Sunday, November 5, 2023

‘Pro-Palestine’ Protests Are Rampantly Antisemitic



A horde of pro-Palestinian demonstrators held a New York library under siege last week while a group of Jewish students took refuge from the mob.

The episode, which took place at Cooper Union, a science and art school in Manhattan’s East Village with less than 1,000 students, featured about 50 students who were forced to barricade themselves inside the library as pro-Palestinian protestors stormed the building.

Cooper Union sophomore Taylor Roslyn Lent was among those locked inside the library as demonstrators pounded on the doors.

“I can say that I felt unsafe and unprotected,” she told the New York Post. “I would like the university to admit what went on and not avoid the topic. I was shocked that I was experiencing this at my private university — in America — in 2023.”

The pro-Palestinian protestors reportedly carried flags and signs reading, “Zionism Hands Off Our Universities,” as they terrorized students.

The episode marks an ugly escalation of public antisemitism to sweep the globe after Hamas’s Oct. 7 terrorist attack that killed 1,400 civilians in Israel.

In Russia, pro-Palestinian rioters stormed an airport to hunt down Jewish passengers who arrived from Tel Aviv.

“Passengers were forced to take refuge in planes or hide in the airport for fear of being attacked,” The Guardian reported. “Local health authorities said that 20 people had been injured, including two who were critical.”

The pro-Palestinian rallies-turned-riots were not isolated incidents of blatant antisemitism. On Monday, Reuters ran the headline, “Open hatred of Jews surges globally, inflamed by Gaza war.”

“In countries where figures are available from police or civil society groups, including the United States, Britain, France, Germany and South Africa, the pattern is clear: the number of antisemitic incidents has gone up since Oct. 7 by several hundred percent compared with the same period last year,” the wire reported.
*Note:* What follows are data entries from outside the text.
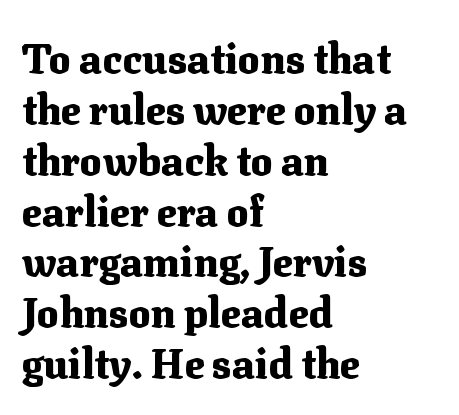
Q: Is the text bold? A: Yes.
Q: Is the text italic (slanted)? A: No, it is upright.
Q: Is the typeface a serif or a sans-serif typeface? A: Serif.
Q: Is the text underlined? A: No.
Q: How is the paragraph aligned? A: Left-aligned.
Q: Is the spacing between letters normal or unusually wide? A: Normal.
Q: Width (condensed, normal, or wide)? A: Normal.
Q: Stroke contrast? A: Medium.
Q: x-height? A: Medium.
Q: Monospaced? A: No.
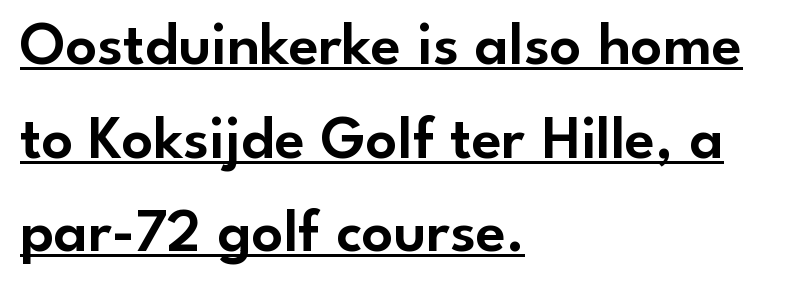
Check where the strokes stop: nothing finishes them off — pure sans. Visually the block forms a straight wall on the left and a jagged coastline on the right. Nope, not italic — everything's standing straight. Whoever set this chose a conventional vertical rhythm. You could call the tracking neutral — neither tight nor loose.
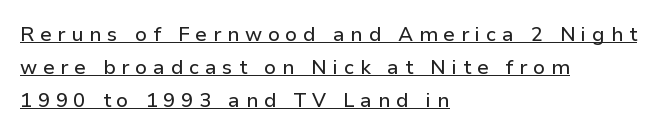
Q: Is the text italic (slanted)? A: No, it is upright.
Q: Is the text underlined? A: Yes.
Q: How is the paragraph aligned? A: Left-aligned.
Q: Is the spacing between letters normal or unusually wide? A: Unusually wide.
Q: Is the spacing between lines tight, normal or loose? A: Normal.
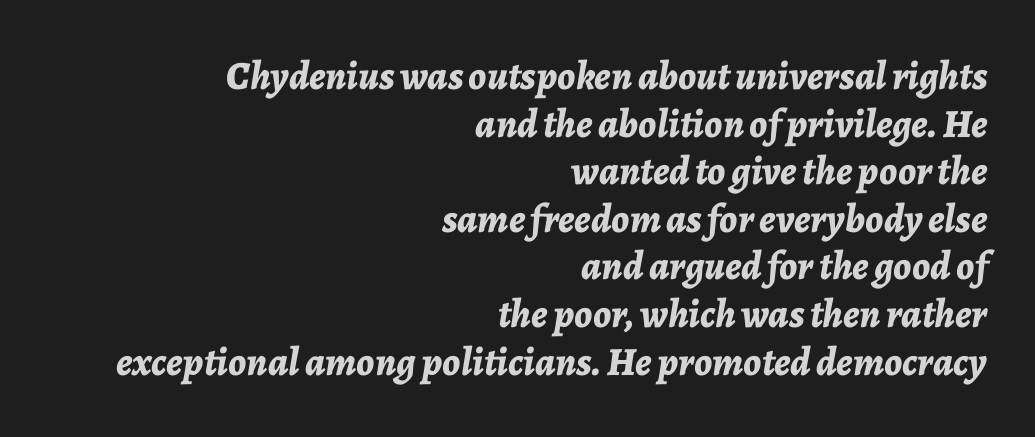
{"italic": "yes", "lean": "right", "slant_degrees": 7, "bold": "yes", "weight": "bold", "width": "normal", "stroke_contrast": "low", "x_height": "medium", "monospaced": "no", "underline": "no", "align": "right", "line_spacing_ratio": 1.19, "letter_spacing": "normal", "letter_spacing_em": 0.0, "glyph_px": 40}

In New York City, home to the largest Jewish population in America, the police department reported a 164 percent spike in anti-Jewish crime. The escalation of antisemitism has been decades in the making, fueled by college radicalism and put on full display in pro-Palestinian marches nationwide.

Beyond the outright charging at Jewish students in New York City, pro-Palestinian activists flashed Swastikas in Times Square in solidarity with Hamas terrorists who massacred Jewish civilians.
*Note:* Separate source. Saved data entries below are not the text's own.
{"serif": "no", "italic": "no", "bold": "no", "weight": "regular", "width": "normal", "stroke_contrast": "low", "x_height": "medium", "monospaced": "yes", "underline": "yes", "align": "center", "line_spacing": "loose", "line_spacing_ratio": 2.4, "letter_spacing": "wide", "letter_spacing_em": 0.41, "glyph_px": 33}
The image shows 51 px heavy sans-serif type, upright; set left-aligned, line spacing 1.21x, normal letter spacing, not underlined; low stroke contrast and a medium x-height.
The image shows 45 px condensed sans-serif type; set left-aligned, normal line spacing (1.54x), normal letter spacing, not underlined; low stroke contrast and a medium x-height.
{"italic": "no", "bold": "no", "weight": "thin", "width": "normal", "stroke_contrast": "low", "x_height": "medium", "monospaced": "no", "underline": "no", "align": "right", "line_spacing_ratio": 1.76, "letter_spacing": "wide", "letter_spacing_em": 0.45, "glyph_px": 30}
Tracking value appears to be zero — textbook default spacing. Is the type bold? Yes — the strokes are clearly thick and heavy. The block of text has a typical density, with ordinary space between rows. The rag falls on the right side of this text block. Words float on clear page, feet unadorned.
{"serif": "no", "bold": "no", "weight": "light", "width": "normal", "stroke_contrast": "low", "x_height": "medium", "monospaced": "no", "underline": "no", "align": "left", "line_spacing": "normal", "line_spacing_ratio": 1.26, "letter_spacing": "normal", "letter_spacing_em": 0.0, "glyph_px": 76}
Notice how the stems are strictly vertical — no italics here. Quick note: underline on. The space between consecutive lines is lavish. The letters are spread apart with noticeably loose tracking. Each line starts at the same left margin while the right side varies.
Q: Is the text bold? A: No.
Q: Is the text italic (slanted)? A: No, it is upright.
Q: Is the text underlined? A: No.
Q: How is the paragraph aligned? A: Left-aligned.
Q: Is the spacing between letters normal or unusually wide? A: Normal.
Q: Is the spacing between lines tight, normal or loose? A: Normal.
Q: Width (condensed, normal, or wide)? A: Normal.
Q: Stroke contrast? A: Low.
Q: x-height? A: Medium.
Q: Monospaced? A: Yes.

In London, pro-Palestinian activists chanted in support of Hamas.

Elliot Tebele, the founder of the viral Instagram account “f-ckjerry,” went undercover at a pro-Palestinian rally to interview protestors.

“How would you describe a Jew?” Tebele asked one demonstrator.

“They’re devils,” they said.

“So if they do take Palestine, where do the 12 million Jews go?” Tebele asked another.

“Go to hell,” they responded.

The responses characterize the level of antisemitism present at the pro-Palestinian demonstrations cloaked under the righteous banner of “liberation.” Vice News reported Wednesday that the demonstrations have now become magnets for neo-Nazi groups to “spew antisemitic and anti-immigrant conspiracy theories, launder them into the mainstream, and drive recruitment.”

Black Lives Matter (BLM) fostered antisemitism within its ranks for years and was propelled by corporate America, which spent millions to steer clear of the “racism” label. In other words, the effort to “mainstream” antisemitism came with the support of Wall Street titans and newsroom activists educated on far-left campuses.

“Sooner or later, those extremists were going to be emboldened,” wrote Federalist Senior Editor David Harsanyi Monday. “Sooner or later, they were going to be in positions of power.”